* _ASSIGNMENT_
For each line below that includes the string "degrees", show the whole line.

----- MATERIAL FOR THE TASK

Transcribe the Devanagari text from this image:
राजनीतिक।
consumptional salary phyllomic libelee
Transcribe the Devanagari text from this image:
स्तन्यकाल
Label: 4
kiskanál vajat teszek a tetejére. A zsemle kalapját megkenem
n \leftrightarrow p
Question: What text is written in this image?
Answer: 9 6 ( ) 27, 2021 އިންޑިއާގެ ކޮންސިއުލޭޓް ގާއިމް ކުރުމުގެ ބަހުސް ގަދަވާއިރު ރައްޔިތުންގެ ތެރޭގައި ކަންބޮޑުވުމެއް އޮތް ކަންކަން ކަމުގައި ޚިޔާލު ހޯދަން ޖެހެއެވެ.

----------
----- MATERIAL FOR THE TASK

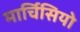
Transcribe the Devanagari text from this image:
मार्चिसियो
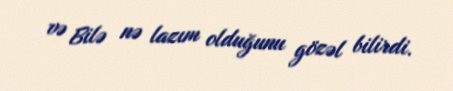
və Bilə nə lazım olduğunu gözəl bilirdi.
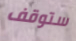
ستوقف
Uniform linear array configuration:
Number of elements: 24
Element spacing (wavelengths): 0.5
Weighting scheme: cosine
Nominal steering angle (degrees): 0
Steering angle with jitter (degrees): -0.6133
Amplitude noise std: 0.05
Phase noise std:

----------

* _REPLY TO THE TASK_
Nominal steering angle (degrees): 0
Steering angle with jitter (degrees): -0.6133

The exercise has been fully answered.